BEGIN Record excerpts
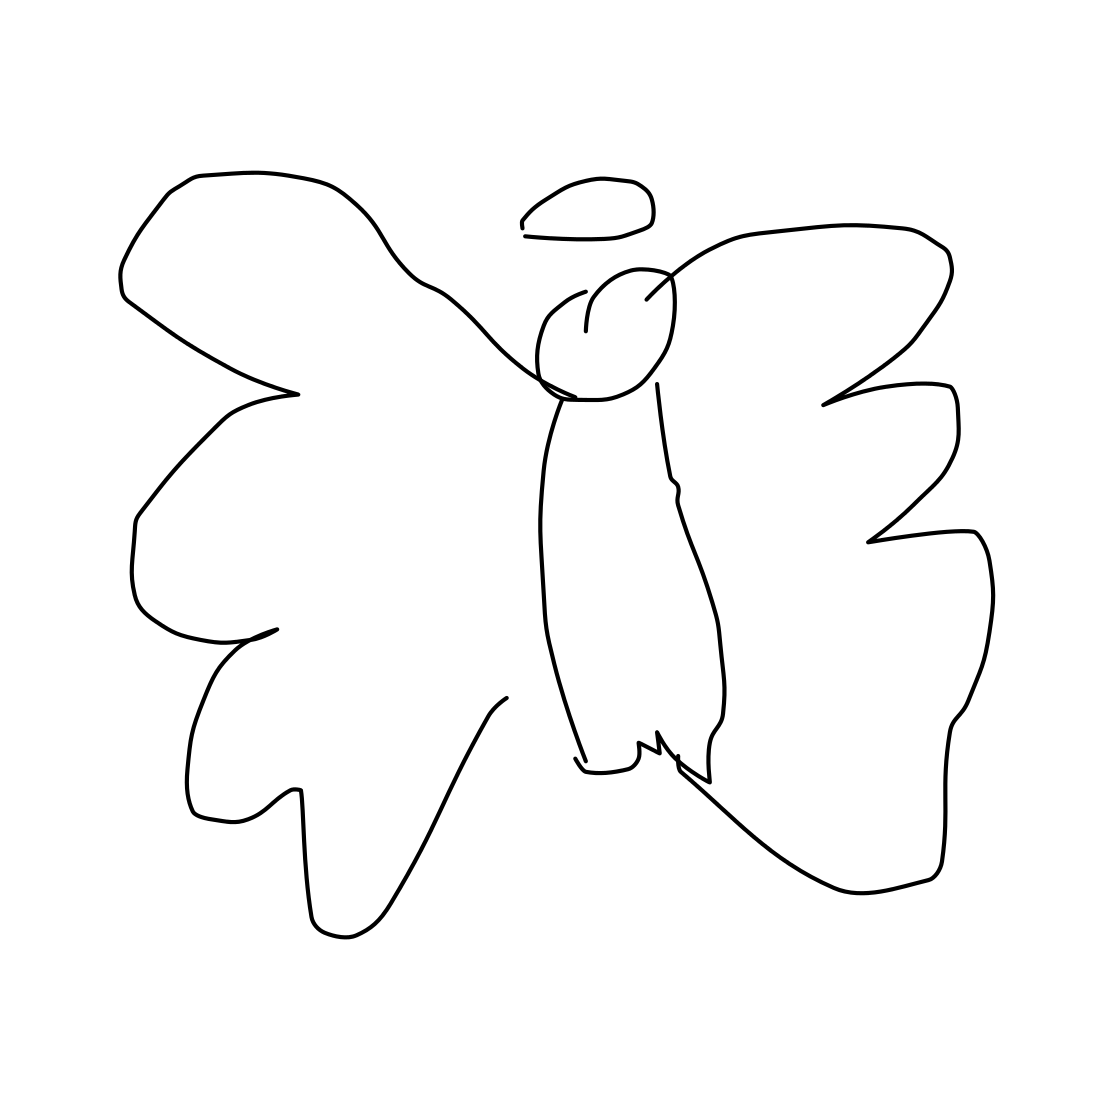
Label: angel
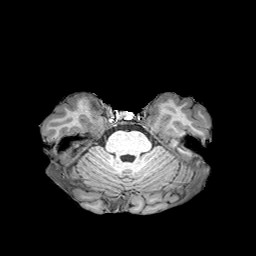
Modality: T1w
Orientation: coronal
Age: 21
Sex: male
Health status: healthy
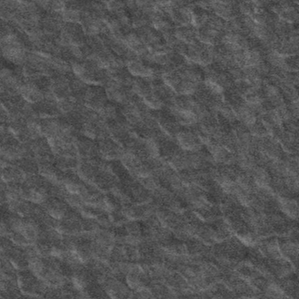
Label: frost
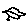
Label: bird
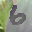
Label: 6
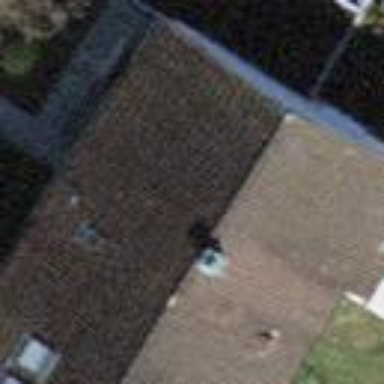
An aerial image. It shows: Semidetached house with gabled roof.
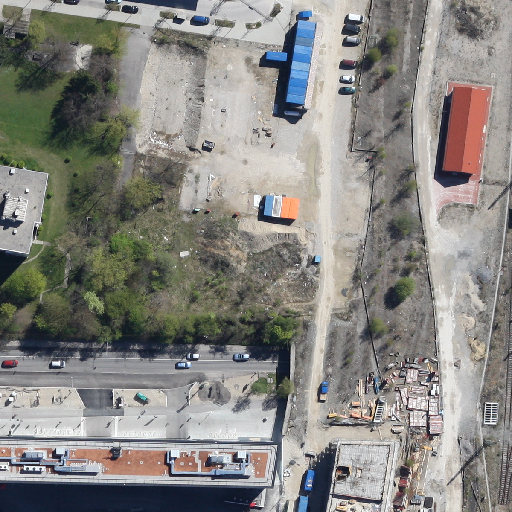
Referring expression: vehicle in the parking area
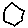
Label: hexagon
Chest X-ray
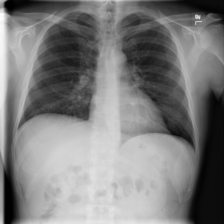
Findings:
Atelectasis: negative
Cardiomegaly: negative
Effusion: negative
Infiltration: negative
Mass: negative
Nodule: negative
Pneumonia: negative
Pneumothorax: negative
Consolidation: negative
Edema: negative
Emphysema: negative
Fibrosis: negative
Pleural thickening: negative
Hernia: negative
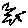
Label: zigzag
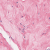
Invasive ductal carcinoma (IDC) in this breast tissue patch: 0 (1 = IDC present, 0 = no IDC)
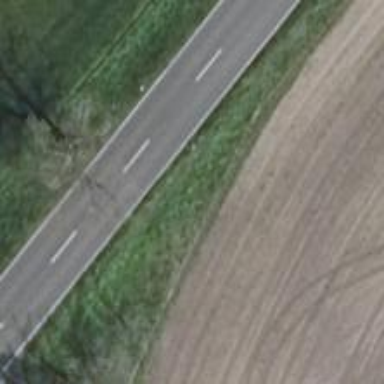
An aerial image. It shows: Asphalt road classified as primary highway.
END Record excerpts
Assignment: Leaving the pictures aside, copy exactly and only the lines from the one holding "Invasive ductal carcinoma" through the final line of the data, both ends kept.

Solution below:
Invasive ductal carcinoma (IDC) in this breast tissue patch: 0 (1 = IDC present, 0 = no IDC)
An aerial image. It shows: Asphalt road classified as primary highway.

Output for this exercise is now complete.